## TASK DESCRIPTION
Leaving out the pictures, copy each record below exactly.

## Collection entries
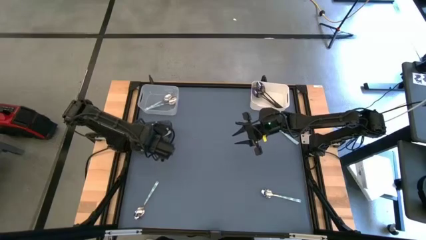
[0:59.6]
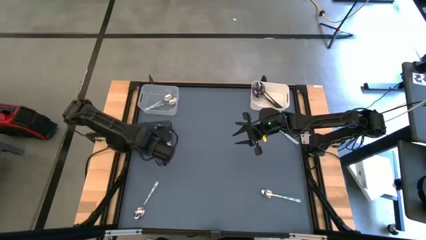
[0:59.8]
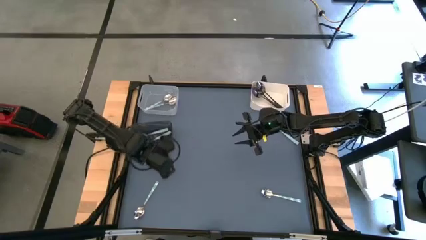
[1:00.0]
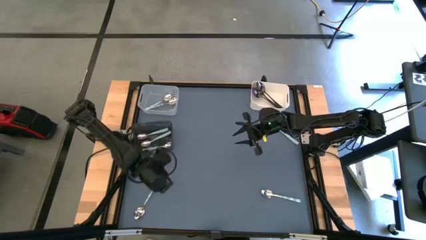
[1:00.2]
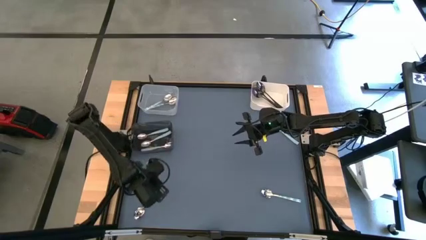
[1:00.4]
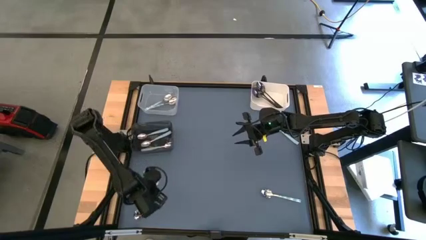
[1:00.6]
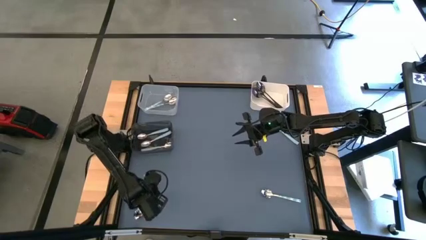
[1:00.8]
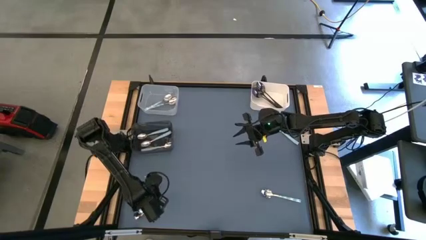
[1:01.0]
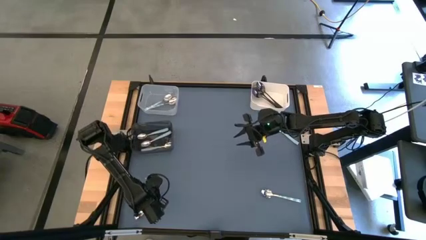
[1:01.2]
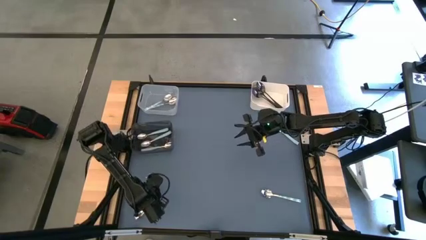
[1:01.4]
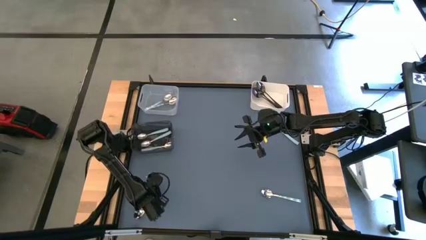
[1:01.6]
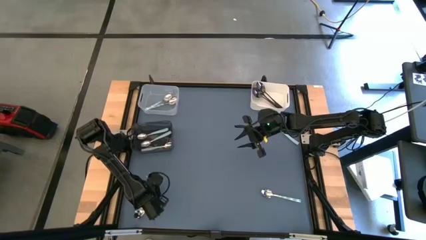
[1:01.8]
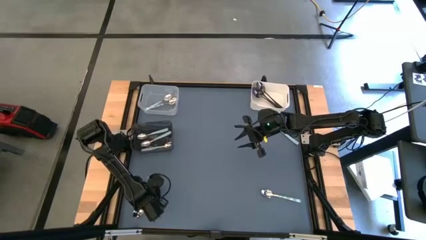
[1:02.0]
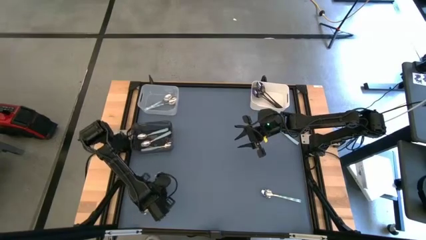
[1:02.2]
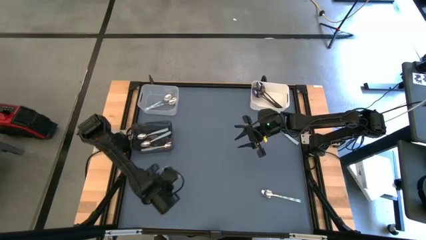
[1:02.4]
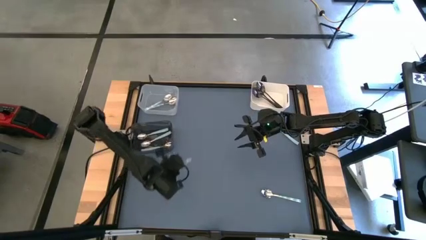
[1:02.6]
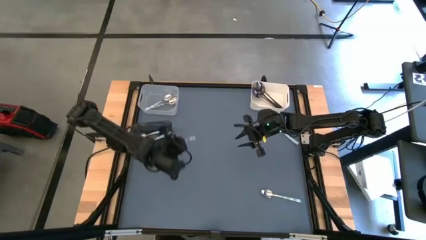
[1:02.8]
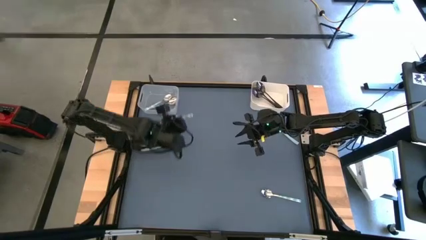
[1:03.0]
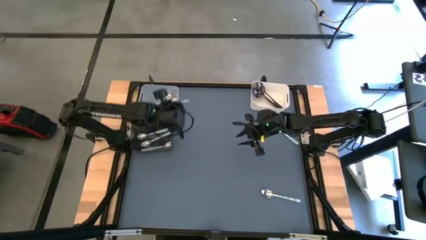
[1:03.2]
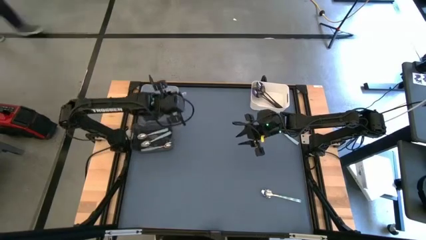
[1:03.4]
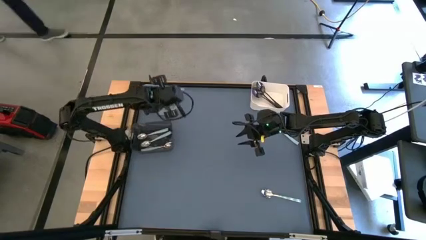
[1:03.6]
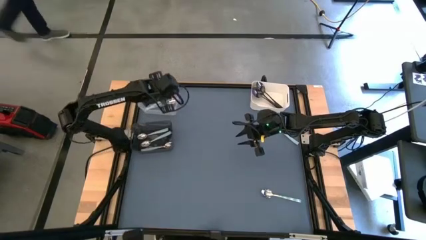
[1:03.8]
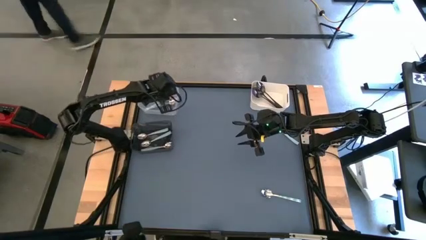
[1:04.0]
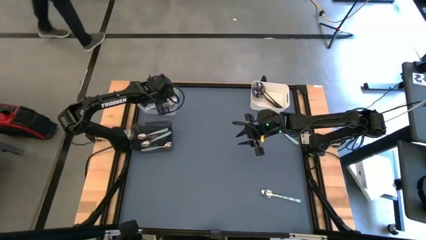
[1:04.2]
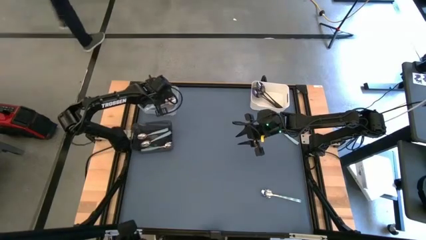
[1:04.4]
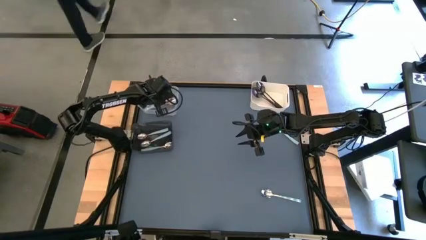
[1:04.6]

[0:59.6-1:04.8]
Task: Sort silverware by color (type)
Put the green spoon into the transparent bin

## TASK SOLUTION
[0:59.6]
[0:59.8]
[1:00.0]
[1:00.2]
[1:00.4]
[1:00.6]
[1:00.8]
[1:01.0]
[1:01.2]
[1:01.4]
[1:01.6]
[1:01.8]
[1:02.0]
[1:02.2]
[1:02.4]
[1:02.6]
[1:02.8]
[1:03.0]
[1:03.2]
[1:03.4]
[1:03.6]
[1:03.8]
[1:04.0]
[1:04.2]
[1:04.4]
[1:04.6]

[0:59.6-1:04.8]
Task: Sort silverware by color (type)
Put the green spoon into the transparent bin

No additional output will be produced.